Bild: Der Betreiber des Atomkraftwerks Brokdorf muss die Leistung des Meilers z…
Hamburg taz | Kein Atomkraftwerk in Norddeutschland war und ist so
umstritten wie Brokdorf im Südwesten Schleswig-Holsteins. In den 1970er-
und 1980er-Jahren lieferten sich Atomkraftgegner blutige
Auseinandersetzungen mit der Polizei. Jetzt ist es ruhiger um den Meiler
geworden. Wegen Rostbefall der Brennstäbe steht er schon seit mehr als fünf
Monaten still. Im August könnte er wieder ans Netz gehen, allerdings mit
gedrosselter Leistung.
Das Energie- und Umweltministerium in Kiel hat bereits zugestimmt, dass der
Reaktorkern mit frischen Brennelementen beladen werden kann. Voraussetzung
ist, dass die Leistung und der sogenannte Lastfolgebetrieb nun reduziert
werden. „Der Betreiber Preussen Elektra dreht jetzt das Rad elf Jahre
zurück und stellt die Anlage auf den Betrieb von vor 2006 ein“, sagte
Energiewendeminister Robert Habeck (Grüne) am Montag in Kiel. Für diese
Zeit gebe es eine gesicherte Betriebserfahrung mit dem betroffenen
Hüllrohrmaterial.
„Brokdorf fährt künftig also im abgesicherten Modus“, so Habeck. Die
Leistung werde auf 95 Prozent reduziert, die Lastwechselgeschwindigkeit –
also das schnelle Hoch- und Runterfahren des Reaktors – halbiert. Mit der
Zustimmung zum Beladen des Kerns sei noch nicht automatisch die Zustimmung
zum Wiederanfahren verbunden, betonte der Grünen-Politiker. Der Leiter der
Atomaufsicht, Jan Beckmann, rechnet damit, dass der Meiler in zwei Wochen
zumindest bereit zum Wiederanfahren sein könnte.
Bei der bislang letzten planmäßigen Revision Anfang Februar 2017 hatten
Ingenieure entdeckt, dass etliche Brennstäbe im Reaktor zu stark oxidiert
sind.
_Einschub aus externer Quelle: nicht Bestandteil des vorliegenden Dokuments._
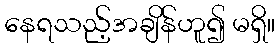
နေရသည့်အချိန်ဟူ၍ မရှိ။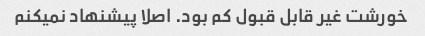
خورشت غیر قابل قبول کم بود. اصلا پیشنهاد نمیکنم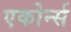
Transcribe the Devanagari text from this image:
एकोर्न्स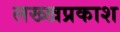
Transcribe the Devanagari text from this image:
लख्खप्रकाश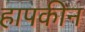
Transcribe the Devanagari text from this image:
हापकीन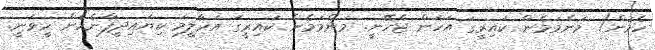
ހެމުން) މަންމަމެން ކައިރީގަ އަހަން ޖެހޭނީ. މަންމަމެން ކައިރީގަ އަހާލީމަ ކިޔައިދީފާނެހެން ހީވަނީ.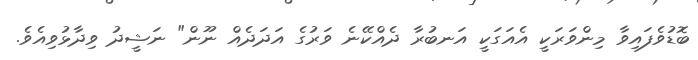
ބޮޑުވެފައިވާ މިންވަރަކީ އެއަގަކީ އަނބުރާ ދެއްކޭނެ ވަރުގެ އަދަދެއް ނޫން" ނަޝީދު ވިދާޅުވިއެވެ.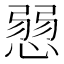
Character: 𢞔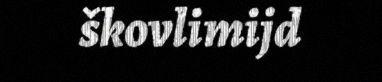
škovlimijd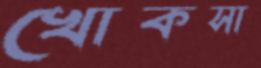
খোকসা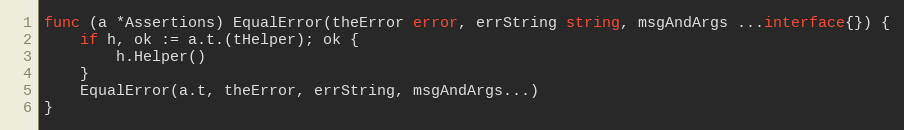
Language: Go
func (a *Assertions) EqualError(theError error, errString string, msgAndArgs ...interface{}) {
	if h, ok := a.t.(tHelper); ok {
		h.Helper()
	}
	EqualError(a.t, theError, errString, msgAndArgs...)
}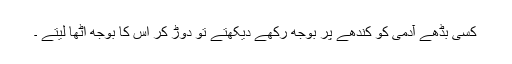
کسی بڈھے آدمی کو کندھے پر بوجھ رکھے دیکھتے تو دوڑ کر اس کا بوجھ اٹھا لیتے ۔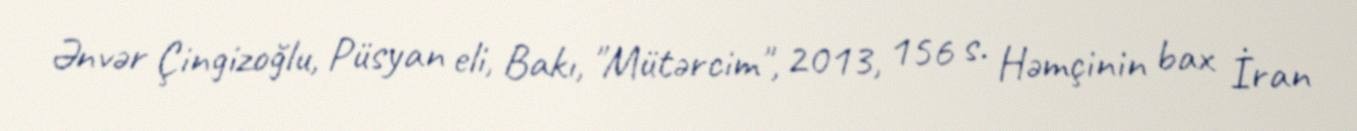
Ənvər Çingizoğlu, Püsyan eli, Bakı, "Mütərcim", 2013, 156 s. Həmçinin bax İran
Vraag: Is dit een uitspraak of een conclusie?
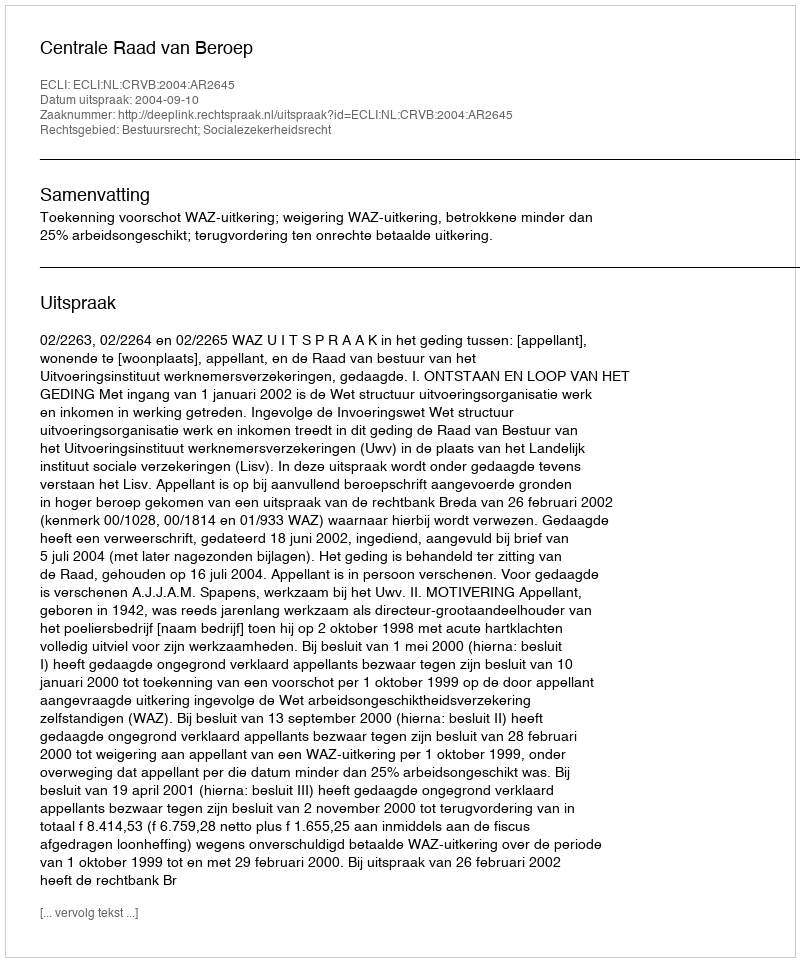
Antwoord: Uitspraak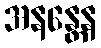
အနန္တေန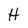
Character: H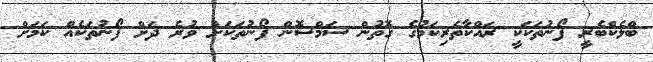
ބްލެކްބެރީ ފޯނުތަކަކީ ރައްކާތެރިކަމުގެ ގޮތުން ސަމްސޮން ފޯނުތަކަށް ވުރެ ދަށް ފޯނުތަކެއް ކަމަށް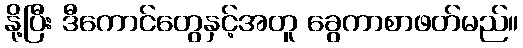
နို့ပြီး ဒီကောင်တွေနှင့်အတူ ခွေကာစာဖတ်မည်။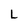
Character: L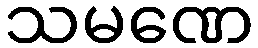
သမဏေ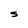
Character: S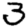
Digit: 3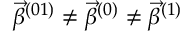
\vec { \beta } ^ { ( 0 1 ) } \neq \vec { \beta } ^ { ( 0 ) } \neq \vec { \beta } ^ { ( 1 ) }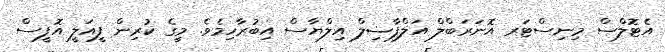
އެޓޮލްސް މިނިސްޓަރ އޮނަރަބްލް އަލްފާޟިލް އިލްޔާސް އިބުރާހިމެވެ. މީގެ ކުރިން ފީއަލީ އޮފީސް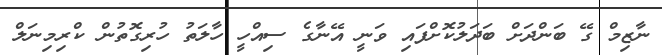
ނާޒިމް ގޭ ބަންދަށް ބަދަލުކޮށްފައި ވަނީ އޭނާގެ ސިއްހީ ހާލަތު ހުރިގޮތުން ކްރިމިނަލް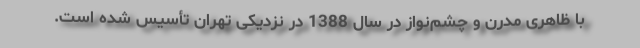
با ظاهری مدرن و چشم‌نواز در سال 1388 در نزدیکی تهران تأسیس شده است.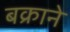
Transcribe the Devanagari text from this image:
बक्राने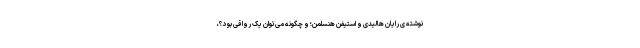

Oxid-Ablagerungen auf den atomaren Brennelementen sind nichts
Besonderes: Sie entstehen, wenn sich ihre metallene Außenhaut mit
Sauerstoff und Wasserstoff im Kühlwasser verbindet. Grenzwerte legen fest,
wie dick diese Schicht nach einer bestimmten „Brennzeit“ im Reaktor sein
darf. Eine zu starke Oxidation kann die Schutzhülle der Brennstäbe
angreifen und brüchig machen. Im schlimmsten Fall könnte Radioaktivität
freigesetzt werden.
## Die CDU unterstützt Habecks Kurs
Der Grenzwert liegt für die gesamte Einsatzdauer eines Brennelementes – in
der Regel sind das etwa fünf Jahre –bei einer Oxidschichtdicke von
höchstens 100 Mikrometer – ein Mikrometer entspricht einem tausendstel
Millimeter. In Brokdorf lag der Wert bei mehreren Brennstäben bei 152
Mikrometer, obwohl sie erst zwei Jahre im Einsatz waren.
Umweltminister Habeck verfügte damals umgehend, dass das AKW nicht wieder
hochgefahren werden darf. Er sprach von einem ernsten Fall: „Ein solch
schnelles Anwachsen der Schicht ist in Deutschland noch nicht bekannt
geworden und sprengt alle bisherigen Prognosen.“ Die Auflage: Erst müsse
der Betreiber die Ursache geklärt haben, ehe das AKW wieder ans Netz gehen
dürfe.
Dies war offensichtlich nicht einfach. Erst im Mai legte Preussen Elektra,
die beim Energiekonzern Eon für die Atomkraftsparte zuständig ist, einen
Schadensbericht vor. Diesen hat das Ministerium in den vergangenen Wochen
geprüft und mit eigenen sowie externen Untersuchungen abgeglichen.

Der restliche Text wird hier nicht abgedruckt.